EnerMech has invested £30million in the acquisition of seven businesses in its first three years, establishing a broad range of mechanical services in six business lines.
The businesses we bought had combined sales of £40million and the success of our integration efforts since the last acquisition in 2010 is clearly demonstrated by 2011 sales of more than £100million to a substantially broader customer base.
This next 12 months will be a key period in the growth of EnerMech as we embark on a series of fresh acquisitions which will transform the company and take us to the next level of our planned growth strategy.
In tandem with growing our core UK continental shelf business, we have firmly established our brand in the key oil and gas producing regions by putting “feet on the ground”.
We don’t believe a quality level of service can be provided for clients by placing an EnerMech flag in a far-flung location and shipping in personnel and equipment only when a contract is awarded.
Instead, in addition to the £30million spent on acquisitions, we have invested a further £45million in infrastructure, permanent bases and in-country staff in 18 locations, stretching from Norway, the Caspian and Middle East, and from Singapore, Indonesia and China, to Perth and Melbourne in Australia.
Our focus in 2012 is on West Africa, Asia and the US and simultaneous negotiations are under way on these three continents to acquire businesses which have either the infrastructure, or allied skills and technical expertise, which fit the EnerMech template and will offer us a strong presence in those key markets.
A joint venture agreement in Nigeria is at an advanced stage and we have identified a similar opportunity in Angola, with an acquisition in South Africa also in our sights.
All going well, these deals will give us a solid platform to introduce all of EnerMech’s service lines to Africa – one of the world’s fastest-growing offshore oil and gas locations – and we forecast the African market will generate sales of £12million in the first year, rising to £25million in 2013.
In China our partnership with Qingdao Pacific Oceaneering has already secured substantial contracts and we are looking at a possible acquisition to add to our already strong relationship, while we have identified a possible tie-up in India which will strengthen our valves business.
In Australia we are committed to building on a very strong initial entry into this important market and are looking at a number of potential acquisitions.
Until now, we have deliberately positioned EnerMech as a UK/Eastern hemisphere oil and gas specialist, but that will change and we are tracking two target companies which will transform our Houston operation and give us a full service capability in the US.
This will be the foundation block for future expansion into the Canadian, Brazilian and Mexican markets.

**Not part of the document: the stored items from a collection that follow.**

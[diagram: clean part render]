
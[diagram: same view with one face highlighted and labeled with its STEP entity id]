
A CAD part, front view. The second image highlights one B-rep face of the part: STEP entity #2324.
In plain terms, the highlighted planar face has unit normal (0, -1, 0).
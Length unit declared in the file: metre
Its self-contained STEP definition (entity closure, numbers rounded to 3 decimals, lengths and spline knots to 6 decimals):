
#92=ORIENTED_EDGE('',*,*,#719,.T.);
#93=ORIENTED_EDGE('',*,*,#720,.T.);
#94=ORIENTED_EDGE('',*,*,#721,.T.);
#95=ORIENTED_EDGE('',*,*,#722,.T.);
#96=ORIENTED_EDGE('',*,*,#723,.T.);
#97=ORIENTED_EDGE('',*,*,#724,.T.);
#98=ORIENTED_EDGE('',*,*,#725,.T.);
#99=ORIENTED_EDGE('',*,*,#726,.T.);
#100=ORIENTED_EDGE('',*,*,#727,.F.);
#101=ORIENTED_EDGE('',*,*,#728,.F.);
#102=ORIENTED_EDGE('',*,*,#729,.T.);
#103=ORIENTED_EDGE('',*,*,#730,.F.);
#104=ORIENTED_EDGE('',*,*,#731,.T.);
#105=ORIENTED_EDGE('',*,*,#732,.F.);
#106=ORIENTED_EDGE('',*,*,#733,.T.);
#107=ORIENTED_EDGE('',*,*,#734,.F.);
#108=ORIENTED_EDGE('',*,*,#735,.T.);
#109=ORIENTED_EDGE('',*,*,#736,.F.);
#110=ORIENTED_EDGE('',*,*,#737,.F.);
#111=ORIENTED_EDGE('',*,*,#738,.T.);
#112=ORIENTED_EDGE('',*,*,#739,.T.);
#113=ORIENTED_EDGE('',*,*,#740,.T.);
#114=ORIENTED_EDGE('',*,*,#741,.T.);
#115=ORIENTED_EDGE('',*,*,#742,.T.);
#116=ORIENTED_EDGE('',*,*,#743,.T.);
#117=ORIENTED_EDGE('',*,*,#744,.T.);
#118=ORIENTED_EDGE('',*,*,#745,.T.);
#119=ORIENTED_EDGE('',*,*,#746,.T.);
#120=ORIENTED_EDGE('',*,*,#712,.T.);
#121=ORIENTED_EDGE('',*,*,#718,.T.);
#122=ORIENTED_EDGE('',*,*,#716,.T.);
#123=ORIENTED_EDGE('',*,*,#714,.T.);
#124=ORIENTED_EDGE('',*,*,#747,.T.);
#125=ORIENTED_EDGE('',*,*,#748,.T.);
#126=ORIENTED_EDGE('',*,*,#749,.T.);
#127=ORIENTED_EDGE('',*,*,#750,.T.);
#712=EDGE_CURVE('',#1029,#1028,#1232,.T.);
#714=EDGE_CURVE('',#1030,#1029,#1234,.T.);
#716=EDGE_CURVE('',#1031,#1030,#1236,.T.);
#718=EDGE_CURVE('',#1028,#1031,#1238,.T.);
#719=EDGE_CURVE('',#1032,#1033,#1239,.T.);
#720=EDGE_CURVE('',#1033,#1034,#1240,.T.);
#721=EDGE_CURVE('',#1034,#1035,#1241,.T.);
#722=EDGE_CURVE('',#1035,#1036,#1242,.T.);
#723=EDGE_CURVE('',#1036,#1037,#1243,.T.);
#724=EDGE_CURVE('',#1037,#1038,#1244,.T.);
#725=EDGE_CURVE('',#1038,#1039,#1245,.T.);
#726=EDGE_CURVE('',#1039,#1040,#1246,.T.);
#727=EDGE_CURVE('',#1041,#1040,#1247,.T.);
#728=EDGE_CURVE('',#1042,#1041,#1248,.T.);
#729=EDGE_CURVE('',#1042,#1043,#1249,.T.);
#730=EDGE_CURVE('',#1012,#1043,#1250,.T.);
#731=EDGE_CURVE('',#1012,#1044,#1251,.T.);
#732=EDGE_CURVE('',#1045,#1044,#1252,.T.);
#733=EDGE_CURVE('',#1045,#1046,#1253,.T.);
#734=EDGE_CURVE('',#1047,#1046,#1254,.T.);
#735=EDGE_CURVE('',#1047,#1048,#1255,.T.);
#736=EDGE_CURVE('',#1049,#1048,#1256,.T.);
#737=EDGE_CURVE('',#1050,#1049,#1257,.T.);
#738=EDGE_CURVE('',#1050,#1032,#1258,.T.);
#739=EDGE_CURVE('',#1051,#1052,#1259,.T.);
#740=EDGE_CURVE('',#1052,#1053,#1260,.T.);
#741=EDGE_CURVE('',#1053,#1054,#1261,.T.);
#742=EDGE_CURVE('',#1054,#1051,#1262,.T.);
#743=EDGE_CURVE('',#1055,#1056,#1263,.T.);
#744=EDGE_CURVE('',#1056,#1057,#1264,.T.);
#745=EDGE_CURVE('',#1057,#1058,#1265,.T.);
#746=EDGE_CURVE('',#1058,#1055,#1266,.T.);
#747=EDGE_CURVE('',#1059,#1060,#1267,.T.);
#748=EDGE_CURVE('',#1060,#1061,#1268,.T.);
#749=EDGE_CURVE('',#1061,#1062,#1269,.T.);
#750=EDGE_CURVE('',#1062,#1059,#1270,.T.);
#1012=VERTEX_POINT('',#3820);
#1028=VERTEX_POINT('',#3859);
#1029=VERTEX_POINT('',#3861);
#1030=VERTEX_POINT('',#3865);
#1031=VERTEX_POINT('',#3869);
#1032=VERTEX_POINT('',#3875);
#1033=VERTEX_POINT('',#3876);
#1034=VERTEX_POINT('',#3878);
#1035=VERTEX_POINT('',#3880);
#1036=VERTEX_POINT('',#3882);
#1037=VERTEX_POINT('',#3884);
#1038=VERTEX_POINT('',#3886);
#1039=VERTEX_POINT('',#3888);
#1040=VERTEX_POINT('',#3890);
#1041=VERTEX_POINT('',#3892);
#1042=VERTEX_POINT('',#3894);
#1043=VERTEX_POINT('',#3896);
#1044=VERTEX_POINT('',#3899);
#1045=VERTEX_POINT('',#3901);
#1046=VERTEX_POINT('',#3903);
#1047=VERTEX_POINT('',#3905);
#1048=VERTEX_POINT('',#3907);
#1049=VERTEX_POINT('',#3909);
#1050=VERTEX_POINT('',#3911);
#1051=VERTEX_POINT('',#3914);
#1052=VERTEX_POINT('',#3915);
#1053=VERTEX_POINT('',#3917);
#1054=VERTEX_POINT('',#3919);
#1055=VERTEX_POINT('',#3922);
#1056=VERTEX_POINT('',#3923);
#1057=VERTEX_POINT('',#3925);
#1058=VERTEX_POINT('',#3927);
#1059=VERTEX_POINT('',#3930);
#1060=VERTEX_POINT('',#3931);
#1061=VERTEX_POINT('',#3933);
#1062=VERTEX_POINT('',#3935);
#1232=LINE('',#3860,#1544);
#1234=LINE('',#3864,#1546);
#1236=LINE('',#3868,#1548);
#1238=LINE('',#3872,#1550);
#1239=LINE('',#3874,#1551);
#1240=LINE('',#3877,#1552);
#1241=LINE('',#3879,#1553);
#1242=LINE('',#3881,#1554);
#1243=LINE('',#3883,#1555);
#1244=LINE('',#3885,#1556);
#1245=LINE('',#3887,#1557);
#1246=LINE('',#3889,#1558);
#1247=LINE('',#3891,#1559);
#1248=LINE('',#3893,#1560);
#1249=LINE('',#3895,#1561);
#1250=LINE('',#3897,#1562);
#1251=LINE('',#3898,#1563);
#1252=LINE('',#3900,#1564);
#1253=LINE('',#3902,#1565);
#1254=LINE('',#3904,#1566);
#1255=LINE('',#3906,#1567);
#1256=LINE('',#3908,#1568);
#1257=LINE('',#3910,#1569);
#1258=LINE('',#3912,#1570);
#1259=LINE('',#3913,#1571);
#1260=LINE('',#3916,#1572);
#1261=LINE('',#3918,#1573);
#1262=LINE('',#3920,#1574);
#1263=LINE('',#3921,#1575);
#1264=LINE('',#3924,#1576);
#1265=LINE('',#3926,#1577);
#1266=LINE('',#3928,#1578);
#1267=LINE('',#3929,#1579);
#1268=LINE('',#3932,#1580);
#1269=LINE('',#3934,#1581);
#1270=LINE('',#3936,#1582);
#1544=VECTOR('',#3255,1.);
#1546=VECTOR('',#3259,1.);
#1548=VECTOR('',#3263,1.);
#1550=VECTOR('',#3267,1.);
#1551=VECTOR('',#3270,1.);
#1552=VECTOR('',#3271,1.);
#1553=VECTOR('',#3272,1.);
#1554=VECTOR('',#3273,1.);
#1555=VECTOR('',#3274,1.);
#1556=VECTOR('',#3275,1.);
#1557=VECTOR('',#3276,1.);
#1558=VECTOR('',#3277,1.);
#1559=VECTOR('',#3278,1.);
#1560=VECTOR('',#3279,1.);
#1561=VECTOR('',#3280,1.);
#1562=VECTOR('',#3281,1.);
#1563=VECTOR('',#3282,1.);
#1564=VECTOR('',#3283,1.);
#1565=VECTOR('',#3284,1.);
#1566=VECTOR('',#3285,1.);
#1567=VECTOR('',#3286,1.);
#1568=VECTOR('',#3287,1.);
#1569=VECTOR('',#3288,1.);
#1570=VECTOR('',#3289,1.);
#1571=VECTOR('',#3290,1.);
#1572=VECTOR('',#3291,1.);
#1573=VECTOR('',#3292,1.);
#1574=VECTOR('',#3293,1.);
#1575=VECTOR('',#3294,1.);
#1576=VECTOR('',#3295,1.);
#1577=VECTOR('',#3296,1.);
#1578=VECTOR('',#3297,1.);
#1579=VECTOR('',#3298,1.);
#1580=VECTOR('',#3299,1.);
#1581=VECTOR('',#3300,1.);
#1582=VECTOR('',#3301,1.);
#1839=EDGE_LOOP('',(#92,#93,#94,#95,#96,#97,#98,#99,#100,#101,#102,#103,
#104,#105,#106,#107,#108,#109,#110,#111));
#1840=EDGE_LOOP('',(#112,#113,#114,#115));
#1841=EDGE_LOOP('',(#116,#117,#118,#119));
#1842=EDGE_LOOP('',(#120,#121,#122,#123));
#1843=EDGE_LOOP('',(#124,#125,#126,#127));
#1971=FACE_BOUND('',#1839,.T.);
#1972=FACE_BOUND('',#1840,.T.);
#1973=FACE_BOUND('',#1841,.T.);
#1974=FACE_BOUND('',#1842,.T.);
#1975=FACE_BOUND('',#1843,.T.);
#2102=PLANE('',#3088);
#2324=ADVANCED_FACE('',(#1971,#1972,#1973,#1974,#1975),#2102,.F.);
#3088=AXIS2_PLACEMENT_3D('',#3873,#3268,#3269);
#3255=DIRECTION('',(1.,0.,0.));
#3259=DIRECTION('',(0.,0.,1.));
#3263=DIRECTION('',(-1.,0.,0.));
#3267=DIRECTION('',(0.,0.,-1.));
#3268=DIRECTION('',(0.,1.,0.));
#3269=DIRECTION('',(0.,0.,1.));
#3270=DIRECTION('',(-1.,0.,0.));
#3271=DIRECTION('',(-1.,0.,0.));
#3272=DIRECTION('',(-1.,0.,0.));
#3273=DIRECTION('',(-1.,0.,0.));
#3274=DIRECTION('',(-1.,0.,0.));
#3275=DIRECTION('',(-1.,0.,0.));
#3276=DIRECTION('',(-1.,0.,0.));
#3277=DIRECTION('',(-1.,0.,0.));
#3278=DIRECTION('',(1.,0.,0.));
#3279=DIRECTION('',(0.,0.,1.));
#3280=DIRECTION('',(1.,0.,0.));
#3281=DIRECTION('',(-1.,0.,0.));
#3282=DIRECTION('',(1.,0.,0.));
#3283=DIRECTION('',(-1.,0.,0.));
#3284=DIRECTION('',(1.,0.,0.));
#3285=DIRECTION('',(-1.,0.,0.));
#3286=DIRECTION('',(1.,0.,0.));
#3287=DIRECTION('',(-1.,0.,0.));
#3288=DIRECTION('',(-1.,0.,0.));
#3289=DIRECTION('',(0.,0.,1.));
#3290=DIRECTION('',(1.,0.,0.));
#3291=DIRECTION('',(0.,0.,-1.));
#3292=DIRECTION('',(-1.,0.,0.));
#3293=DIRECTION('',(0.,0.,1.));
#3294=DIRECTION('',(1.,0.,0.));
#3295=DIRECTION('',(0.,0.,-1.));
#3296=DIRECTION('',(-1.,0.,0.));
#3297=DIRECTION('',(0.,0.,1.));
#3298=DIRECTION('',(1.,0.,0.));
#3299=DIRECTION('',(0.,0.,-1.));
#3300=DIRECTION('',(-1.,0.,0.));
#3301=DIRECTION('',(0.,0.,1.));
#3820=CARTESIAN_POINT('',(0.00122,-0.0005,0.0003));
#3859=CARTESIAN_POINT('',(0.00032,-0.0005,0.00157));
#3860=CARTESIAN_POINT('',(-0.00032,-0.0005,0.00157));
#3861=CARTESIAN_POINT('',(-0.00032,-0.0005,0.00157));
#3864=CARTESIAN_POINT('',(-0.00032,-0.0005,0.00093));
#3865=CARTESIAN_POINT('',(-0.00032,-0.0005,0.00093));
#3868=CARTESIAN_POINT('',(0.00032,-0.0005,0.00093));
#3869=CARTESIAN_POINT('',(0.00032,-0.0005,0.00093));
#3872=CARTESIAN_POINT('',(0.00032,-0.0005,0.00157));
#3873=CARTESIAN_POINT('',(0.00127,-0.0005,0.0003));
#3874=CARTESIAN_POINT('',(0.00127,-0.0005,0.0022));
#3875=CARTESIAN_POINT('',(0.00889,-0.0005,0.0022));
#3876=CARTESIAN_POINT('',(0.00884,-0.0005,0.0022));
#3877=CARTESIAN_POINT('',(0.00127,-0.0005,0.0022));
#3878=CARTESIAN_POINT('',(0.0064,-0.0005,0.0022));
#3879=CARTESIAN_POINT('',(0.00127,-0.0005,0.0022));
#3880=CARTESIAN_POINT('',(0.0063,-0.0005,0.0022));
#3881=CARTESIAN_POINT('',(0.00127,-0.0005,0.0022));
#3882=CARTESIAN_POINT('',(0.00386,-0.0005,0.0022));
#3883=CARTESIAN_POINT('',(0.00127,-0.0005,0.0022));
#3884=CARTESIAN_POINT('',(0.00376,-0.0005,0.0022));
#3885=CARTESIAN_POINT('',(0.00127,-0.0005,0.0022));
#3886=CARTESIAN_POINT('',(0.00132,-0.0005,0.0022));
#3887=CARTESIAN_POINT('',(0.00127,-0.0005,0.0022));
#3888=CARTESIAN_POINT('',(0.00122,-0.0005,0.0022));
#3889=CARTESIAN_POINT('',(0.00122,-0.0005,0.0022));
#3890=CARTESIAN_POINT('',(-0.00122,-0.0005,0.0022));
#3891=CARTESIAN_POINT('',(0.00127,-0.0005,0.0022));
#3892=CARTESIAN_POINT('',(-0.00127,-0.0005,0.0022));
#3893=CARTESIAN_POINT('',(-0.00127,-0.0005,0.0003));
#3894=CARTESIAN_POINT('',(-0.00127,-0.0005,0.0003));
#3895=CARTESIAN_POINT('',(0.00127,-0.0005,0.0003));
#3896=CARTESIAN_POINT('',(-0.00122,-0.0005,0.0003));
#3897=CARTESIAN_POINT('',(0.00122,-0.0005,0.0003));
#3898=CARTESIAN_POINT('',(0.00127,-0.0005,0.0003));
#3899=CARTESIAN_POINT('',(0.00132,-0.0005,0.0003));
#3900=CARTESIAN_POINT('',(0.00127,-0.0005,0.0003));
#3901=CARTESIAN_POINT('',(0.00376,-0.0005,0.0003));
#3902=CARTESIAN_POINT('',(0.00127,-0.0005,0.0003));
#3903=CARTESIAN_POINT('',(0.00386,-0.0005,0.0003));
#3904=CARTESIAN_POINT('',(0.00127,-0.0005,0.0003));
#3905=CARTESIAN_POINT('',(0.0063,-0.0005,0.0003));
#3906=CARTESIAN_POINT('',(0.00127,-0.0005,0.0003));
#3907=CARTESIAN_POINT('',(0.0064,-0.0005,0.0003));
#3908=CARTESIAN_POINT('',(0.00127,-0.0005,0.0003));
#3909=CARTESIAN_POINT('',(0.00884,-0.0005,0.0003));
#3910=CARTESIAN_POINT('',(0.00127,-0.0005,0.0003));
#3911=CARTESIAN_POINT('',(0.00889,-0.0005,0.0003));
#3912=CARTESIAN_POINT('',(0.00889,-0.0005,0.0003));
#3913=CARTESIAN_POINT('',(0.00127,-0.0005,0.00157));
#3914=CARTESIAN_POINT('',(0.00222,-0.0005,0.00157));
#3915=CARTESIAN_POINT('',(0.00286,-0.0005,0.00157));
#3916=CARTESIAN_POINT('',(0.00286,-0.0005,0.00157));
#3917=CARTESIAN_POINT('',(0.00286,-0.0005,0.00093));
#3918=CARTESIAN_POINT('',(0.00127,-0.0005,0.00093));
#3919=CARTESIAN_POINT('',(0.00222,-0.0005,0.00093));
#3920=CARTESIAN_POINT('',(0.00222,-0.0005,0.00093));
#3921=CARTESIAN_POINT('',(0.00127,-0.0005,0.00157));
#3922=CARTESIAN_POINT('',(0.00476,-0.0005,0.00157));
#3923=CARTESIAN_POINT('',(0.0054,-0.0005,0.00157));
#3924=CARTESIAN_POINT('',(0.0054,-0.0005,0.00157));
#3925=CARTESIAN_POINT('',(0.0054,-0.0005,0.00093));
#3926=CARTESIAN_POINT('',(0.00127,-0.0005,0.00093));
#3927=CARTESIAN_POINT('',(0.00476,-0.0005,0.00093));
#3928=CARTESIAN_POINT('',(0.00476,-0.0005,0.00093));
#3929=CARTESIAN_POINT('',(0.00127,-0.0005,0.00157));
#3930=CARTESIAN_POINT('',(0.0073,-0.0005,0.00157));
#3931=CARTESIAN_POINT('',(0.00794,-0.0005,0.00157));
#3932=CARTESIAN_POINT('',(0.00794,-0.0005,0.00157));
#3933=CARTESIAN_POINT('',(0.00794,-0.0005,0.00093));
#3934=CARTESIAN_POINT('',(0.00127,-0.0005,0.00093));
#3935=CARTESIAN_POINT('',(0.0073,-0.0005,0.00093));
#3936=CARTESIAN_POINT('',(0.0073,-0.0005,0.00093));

We are constantly looking at new opportunities as they arise, but we will not be drawn into any acquisition where the target company places an unrealistic value on their worth, as happened recently with a large UK target.
We have enjoyed great support from Lloyds Banking Group and it recently extended our revolving credit facility to £30million, with an option to grow the facility to £40million, in line with the company’s profitability.
Our private equity investor, Lime Rock, has committed to a significant further investment to support new acquisitions and, working closely with both groups, we are well on the road to establishing EnerMech as a truly international mechanical engineering company.
Doug Duguid is managing director of mechanical engineering company EnerMech.